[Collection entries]

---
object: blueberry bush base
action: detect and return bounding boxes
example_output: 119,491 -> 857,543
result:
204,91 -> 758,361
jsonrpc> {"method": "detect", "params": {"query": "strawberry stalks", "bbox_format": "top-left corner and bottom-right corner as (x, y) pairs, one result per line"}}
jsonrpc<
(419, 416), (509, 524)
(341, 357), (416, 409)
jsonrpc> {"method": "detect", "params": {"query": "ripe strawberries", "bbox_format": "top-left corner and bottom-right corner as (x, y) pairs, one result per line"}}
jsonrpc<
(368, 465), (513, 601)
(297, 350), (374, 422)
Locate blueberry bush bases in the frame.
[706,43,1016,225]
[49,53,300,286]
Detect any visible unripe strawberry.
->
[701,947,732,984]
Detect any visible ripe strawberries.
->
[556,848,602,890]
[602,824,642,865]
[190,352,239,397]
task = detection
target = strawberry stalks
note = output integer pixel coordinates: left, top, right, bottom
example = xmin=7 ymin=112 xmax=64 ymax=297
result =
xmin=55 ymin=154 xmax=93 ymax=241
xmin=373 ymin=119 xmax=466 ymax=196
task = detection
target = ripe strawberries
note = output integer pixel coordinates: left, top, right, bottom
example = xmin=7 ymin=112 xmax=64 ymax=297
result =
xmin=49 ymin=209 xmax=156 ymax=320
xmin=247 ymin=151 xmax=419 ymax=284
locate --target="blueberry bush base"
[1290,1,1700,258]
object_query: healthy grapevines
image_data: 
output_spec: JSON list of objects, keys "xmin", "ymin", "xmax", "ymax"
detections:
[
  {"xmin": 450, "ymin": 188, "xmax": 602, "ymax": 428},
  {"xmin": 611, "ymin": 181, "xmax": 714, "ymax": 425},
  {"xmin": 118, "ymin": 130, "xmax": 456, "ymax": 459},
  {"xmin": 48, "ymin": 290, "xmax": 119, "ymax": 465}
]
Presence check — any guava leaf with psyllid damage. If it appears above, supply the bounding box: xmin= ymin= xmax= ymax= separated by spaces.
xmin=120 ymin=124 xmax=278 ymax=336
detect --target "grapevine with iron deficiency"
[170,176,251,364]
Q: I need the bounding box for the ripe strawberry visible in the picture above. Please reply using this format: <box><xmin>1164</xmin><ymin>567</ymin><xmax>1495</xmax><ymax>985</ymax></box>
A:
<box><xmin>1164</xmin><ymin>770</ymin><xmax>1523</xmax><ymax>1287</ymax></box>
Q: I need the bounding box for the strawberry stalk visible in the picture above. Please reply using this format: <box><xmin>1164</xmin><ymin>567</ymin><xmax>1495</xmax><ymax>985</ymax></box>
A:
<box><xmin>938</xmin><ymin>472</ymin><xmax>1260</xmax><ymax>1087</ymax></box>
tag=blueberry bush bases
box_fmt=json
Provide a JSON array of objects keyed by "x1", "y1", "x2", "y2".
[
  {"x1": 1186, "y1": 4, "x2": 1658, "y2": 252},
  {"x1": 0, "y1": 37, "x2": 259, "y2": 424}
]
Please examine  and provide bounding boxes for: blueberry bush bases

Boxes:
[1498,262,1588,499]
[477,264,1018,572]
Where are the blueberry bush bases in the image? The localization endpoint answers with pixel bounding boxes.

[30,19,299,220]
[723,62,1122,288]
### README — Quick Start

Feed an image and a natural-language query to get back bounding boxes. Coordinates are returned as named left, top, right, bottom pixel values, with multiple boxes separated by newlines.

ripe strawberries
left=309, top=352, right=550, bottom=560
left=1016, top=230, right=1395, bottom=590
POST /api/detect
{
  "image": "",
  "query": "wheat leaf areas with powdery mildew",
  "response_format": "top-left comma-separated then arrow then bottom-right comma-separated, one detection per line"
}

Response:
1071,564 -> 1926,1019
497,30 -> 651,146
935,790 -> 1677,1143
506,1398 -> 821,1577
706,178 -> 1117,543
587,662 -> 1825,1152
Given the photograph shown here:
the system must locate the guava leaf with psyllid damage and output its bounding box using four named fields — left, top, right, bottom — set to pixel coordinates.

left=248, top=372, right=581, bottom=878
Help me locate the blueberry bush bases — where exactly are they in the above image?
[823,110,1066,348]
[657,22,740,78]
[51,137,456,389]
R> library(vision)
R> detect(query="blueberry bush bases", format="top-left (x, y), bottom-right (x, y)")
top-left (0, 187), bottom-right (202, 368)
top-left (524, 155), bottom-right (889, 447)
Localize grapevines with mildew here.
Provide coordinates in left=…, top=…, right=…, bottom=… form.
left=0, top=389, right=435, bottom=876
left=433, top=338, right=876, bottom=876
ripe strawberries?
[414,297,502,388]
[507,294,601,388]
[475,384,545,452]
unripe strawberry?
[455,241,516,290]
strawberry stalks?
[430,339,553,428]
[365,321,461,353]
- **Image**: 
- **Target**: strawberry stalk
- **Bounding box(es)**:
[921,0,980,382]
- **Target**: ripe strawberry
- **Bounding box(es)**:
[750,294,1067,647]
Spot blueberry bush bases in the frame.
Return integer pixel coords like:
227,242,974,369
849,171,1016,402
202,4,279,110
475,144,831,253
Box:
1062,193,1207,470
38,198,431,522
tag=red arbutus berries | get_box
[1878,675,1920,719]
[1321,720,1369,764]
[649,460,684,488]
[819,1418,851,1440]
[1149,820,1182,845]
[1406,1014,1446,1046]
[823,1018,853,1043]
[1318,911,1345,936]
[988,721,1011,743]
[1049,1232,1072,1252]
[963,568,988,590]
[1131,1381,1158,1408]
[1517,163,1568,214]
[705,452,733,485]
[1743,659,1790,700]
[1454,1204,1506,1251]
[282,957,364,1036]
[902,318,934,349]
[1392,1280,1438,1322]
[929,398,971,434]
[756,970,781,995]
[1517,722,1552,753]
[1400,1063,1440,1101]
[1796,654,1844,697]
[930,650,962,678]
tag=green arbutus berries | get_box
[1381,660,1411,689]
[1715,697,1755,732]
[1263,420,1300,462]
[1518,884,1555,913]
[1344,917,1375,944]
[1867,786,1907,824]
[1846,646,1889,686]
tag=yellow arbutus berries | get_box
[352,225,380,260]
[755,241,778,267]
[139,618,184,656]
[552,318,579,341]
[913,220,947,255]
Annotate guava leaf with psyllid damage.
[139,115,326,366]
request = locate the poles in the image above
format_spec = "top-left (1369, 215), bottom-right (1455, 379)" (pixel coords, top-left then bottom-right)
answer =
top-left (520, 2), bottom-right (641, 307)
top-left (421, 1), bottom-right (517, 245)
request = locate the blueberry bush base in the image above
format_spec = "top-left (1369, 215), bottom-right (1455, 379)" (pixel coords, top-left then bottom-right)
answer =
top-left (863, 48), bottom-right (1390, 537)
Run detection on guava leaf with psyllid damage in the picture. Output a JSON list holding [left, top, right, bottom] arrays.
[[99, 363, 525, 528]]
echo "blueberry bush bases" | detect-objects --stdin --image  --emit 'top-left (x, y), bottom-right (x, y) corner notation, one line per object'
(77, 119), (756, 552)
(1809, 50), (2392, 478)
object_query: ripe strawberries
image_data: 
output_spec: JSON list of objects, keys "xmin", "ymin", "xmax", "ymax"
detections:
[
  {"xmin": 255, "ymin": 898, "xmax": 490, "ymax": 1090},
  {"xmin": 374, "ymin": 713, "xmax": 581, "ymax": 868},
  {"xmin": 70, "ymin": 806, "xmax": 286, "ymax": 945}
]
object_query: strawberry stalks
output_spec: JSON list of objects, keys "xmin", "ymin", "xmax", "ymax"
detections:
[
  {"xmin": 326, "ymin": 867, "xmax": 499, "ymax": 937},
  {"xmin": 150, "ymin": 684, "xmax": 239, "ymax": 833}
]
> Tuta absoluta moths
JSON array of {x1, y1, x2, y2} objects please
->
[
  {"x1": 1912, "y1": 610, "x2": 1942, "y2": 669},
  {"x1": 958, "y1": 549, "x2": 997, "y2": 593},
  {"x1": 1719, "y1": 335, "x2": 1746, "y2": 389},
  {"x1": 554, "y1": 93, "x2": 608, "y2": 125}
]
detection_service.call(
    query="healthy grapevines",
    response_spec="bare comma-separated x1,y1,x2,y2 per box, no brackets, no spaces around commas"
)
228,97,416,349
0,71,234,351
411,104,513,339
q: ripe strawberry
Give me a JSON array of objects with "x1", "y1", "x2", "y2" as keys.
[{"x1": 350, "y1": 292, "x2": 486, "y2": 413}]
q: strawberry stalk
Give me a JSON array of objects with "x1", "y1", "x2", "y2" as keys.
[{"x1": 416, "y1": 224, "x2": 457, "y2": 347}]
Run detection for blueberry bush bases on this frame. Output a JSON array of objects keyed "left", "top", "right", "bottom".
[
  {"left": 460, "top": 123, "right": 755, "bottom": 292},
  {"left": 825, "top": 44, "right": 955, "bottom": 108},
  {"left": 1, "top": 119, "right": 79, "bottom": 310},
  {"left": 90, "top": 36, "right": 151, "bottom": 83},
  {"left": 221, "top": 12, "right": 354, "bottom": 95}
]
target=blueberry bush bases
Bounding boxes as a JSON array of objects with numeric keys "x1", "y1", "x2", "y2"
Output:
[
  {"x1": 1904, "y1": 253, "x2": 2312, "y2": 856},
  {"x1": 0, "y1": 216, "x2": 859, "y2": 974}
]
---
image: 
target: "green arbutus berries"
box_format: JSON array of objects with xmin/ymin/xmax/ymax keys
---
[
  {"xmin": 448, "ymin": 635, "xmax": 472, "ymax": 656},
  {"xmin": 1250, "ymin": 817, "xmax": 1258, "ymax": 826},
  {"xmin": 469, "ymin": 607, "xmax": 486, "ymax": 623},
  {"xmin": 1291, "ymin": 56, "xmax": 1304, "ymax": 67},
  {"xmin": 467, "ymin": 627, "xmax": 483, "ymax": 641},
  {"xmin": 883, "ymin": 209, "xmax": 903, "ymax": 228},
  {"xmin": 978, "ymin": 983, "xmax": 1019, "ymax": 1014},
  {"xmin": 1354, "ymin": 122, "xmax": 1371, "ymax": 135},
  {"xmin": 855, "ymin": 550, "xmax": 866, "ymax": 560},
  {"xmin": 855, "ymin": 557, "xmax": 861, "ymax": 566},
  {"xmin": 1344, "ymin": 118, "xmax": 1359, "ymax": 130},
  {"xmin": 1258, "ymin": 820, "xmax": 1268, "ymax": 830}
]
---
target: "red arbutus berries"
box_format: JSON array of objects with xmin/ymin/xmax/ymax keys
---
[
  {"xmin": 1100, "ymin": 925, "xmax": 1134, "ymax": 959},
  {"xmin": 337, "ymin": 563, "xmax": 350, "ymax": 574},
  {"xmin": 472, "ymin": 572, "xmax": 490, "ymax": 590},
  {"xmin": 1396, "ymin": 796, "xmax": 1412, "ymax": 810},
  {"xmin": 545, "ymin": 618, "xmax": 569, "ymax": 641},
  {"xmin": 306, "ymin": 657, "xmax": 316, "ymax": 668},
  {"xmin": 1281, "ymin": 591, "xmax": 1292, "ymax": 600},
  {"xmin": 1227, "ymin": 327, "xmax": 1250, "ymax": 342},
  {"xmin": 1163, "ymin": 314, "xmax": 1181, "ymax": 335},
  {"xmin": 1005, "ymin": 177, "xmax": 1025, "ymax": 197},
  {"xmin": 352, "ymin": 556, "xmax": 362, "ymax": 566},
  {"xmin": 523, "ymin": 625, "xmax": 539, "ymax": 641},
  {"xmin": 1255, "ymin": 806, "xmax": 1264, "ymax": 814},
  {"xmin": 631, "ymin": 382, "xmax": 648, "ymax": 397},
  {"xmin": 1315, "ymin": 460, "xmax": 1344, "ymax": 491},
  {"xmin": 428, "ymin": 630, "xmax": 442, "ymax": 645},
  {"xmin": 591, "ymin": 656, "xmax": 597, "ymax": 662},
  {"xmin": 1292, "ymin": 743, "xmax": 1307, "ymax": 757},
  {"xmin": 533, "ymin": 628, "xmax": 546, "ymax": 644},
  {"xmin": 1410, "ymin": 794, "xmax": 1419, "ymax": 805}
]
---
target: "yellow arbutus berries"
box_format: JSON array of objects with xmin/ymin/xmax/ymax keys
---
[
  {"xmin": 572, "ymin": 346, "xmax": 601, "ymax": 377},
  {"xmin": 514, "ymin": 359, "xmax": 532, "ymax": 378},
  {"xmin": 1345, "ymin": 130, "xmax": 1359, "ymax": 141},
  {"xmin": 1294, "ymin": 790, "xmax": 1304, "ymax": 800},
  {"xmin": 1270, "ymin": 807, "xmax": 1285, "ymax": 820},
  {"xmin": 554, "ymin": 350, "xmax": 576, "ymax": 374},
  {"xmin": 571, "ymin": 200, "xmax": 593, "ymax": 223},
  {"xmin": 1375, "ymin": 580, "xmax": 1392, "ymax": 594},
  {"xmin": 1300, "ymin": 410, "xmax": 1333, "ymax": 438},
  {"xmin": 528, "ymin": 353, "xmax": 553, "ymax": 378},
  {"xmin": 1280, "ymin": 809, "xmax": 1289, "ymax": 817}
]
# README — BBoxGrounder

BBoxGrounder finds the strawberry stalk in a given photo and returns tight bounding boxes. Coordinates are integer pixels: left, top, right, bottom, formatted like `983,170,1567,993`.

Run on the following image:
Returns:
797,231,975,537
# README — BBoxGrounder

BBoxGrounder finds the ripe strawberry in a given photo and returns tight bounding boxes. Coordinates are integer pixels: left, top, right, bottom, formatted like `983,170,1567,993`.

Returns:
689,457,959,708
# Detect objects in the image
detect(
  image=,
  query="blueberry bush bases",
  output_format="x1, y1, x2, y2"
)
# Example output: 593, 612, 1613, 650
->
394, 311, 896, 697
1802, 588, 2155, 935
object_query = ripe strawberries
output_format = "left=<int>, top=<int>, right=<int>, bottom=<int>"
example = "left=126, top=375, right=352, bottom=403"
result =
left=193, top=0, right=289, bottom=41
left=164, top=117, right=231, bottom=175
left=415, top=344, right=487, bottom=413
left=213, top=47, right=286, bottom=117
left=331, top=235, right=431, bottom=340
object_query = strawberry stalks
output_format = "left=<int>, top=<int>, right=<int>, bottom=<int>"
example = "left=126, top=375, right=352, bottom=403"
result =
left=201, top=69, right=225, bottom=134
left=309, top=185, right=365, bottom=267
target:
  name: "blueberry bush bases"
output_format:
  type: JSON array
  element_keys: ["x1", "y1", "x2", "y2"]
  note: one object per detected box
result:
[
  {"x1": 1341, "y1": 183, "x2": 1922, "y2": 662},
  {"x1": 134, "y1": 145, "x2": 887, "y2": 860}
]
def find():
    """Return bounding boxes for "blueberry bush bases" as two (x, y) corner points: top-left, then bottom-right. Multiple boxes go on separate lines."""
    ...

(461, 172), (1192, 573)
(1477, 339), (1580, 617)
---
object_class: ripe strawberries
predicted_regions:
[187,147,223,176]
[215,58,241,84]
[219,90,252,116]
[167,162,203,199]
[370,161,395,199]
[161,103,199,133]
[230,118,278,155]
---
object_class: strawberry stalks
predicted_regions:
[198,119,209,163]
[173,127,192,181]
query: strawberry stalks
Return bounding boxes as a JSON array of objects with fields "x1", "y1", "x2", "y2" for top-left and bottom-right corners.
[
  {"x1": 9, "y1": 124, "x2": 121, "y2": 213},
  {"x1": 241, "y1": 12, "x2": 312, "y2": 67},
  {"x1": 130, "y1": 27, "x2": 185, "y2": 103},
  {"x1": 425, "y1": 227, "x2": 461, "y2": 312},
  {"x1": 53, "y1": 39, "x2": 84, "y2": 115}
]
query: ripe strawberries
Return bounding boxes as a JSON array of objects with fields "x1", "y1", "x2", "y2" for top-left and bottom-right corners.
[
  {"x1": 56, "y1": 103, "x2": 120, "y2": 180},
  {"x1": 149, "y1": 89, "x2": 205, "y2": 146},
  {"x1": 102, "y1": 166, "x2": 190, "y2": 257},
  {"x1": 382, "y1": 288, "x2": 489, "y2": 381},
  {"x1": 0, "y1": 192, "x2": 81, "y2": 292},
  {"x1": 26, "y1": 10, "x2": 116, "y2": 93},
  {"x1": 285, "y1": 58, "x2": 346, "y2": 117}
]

- [What the exercise asks]: Keep only those lines of the records that hold "method", and return them.

- [Response box]:
jsonrpc> {"method": "detect", "params": {"query": "strawberry stalks", "bbox_format": "top-left corner and bottom-right corner as (x, y) pairs, one result per line"}}
jsonrpc> {"method": "detect", "params": {"query": "ripe strawberries", "bbox_format": "top-left corner and bottom-right corner as (x, y) pairs, one result per line"}}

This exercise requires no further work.